### [Records from a collection]
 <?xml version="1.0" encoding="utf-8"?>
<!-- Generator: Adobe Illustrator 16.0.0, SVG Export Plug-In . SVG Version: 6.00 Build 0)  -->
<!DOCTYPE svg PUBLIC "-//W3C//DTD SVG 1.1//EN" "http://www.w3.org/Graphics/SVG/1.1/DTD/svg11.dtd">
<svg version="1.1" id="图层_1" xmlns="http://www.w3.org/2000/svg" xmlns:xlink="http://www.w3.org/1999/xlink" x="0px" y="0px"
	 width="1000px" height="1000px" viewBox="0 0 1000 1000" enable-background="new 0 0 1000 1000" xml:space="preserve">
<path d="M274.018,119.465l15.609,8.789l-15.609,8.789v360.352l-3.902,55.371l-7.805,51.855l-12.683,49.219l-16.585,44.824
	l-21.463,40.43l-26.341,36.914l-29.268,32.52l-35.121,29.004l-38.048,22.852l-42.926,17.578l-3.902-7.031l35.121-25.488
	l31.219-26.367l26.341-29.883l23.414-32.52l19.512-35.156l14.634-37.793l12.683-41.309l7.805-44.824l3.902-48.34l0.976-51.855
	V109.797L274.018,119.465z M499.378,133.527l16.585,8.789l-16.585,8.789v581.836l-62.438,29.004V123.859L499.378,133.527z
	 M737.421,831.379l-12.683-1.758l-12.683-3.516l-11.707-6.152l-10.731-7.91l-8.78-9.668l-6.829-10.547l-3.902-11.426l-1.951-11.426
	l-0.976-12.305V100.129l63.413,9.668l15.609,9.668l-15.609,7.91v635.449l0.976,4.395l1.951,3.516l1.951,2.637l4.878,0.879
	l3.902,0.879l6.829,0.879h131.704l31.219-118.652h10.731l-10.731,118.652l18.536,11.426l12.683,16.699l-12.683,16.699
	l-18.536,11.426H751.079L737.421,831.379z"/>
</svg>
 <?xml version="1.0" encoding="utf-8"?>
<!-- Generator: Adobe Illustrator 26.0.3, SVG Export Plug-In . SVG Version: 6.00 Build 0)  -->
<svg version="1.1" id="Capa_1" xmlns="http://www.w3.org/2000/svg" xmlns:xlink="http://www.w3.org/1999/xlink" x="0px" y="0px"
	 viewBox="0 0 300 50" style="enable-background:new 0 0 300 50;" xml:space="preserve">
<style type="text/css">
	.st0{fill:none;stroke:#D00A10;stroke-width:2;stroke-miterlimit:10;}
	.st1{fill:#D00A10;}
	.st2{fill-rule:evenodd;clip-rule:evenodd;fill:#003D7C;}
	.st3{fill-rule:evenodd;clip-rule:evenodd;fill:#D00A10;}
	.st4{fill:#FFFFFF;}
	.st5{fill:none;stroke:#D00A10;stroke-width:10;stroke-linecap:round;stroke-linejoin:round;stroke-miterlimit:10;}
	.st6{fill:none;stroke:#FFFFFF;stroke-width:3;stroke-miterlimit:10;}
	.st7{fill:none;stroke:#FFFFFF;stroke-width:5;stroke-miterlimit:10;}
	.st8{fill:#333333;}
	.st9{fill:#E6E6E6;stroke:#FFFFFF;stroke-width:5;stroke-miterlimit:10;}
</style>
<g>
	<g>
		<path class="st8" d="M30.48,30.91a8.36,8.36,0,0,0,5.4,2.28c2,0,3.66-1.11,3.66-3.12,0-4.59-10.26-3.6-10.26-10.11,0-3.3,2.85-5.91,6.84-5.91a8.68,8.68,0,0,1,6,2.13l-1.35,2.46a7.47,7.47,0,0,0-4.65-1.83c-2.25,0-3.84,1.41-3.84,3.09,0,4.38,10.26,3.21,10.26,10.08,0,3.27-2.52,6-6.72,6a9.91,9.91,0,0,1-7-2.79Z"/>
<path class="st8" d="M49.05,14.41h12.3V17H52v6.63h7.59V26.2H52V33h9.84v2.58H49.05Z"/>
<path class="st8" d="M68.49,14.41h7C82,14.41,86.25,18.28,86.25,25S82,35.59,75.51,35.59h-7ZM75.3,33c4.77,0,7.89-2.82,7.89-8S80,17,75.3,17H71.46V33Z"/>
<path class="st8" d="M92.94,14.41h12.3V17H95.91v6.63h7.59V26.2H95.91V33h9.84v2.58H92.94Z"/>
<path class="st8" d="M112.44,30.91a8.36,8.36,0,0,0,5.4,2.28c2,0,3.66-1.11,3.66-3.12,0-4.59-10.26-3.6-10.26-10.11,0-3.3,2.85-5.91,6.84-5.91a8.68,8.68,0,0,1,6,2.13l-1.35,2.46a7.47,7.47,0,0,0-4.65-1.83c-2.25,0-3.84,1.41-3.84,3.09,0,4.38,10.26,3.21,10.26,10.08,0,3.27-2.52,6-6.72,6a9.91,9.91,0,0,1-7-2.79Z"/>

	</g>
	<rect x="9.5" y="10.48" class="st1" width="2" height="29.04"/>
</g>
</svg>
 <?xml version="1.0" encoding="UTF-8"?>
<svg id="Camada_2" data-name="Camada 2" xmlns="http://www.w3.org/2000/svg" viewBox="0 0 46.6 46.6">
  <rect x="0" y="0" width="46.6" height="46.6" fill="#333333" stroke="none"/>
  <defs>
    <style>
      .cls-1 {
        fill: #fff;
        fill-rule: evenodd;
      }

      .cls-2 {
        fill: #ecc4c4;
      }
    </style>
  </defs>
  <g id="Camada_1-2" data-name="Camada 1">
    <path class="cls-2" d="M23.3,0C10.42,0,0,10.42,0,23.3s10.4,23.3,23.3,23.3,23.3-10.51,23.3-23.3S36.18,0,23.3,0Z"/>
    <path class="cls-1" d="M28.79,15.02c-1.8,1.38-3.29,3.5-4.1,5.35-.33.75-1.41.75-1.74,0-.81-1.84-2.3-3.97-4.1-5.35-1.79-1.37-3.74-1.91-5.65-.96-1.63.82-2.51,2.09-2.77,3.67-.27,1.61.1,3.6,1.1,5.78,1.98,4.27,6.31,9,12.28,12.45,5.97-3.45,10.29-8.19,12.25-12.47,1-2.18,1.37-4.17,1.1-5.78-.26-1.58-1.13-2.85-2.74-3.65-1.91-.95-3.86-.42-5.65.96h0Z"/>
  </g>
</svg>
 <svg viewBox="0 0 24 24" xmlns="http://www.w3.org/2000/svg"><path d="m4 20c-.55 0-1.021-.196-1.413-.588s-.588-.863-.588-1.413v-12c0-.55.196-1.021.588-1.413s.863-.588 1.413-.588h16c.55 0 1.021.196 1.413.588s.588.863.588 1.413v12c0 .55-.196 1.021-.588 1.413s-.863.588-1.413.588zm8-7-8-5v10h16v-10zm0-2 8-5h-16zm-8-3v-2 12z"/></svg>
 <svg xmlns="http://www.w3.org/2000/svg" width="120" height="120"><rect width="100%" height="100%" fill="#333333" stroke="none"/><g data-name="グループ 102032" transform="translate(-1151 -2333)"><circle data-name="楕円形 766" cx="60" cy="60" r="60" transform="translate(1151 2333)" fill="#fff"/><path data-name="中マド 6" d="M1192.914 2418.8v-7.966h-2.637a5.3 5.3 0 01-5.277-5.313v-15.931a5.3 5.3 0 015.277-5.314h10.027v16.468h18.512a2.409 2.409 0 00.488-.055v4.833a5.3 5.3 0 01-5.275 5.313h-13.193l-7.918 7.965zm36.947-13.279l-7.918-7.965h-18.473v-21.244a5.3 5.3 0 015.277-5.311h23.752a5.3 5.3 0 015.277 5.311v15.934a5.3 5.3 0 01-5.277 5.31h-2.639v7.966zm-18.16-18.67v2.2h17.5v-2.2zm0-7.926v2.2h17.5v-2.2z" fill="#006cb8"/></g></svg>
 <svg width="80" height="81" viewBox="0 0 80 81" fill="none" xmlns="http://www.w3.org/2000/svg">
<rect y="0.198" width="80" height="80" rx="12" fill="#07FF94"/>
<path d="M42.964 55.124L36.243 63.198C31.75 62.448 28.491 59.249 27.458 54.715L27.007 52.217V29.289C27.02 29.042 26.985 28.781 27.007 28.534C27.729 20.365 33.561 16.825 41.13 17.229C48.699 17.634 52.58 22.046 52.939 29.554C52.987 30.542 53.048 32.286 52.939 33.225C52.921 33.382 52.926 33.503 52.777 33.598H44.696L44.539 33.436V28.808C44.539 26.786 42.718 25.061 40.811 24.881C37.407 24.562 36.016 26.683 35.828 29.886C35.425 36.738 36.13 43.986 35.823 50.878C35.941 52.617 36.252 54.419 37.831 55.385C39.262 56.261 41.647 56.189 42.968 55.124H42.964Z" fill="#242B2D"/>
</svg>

### [Problem details]
Up to and including the line with "<!DOCTYPE svg PUBLIC", write out the records above exactly, starting from their first line.

### [Expected answer]
 <?xml version="1.0" encoding="utf-8"?>
<!-- Generator: Adobe Illustrator 16.0.0, SVG Export Plug-In . SVG Version: 6.00 Build 0)  -->
<!DOCTYPE svg PUBLIC "-//W3C//DTD SVG 1.1//EN" "http://www.w3.org/Graphics/SVG/1.1/DTD/svg11.dtd">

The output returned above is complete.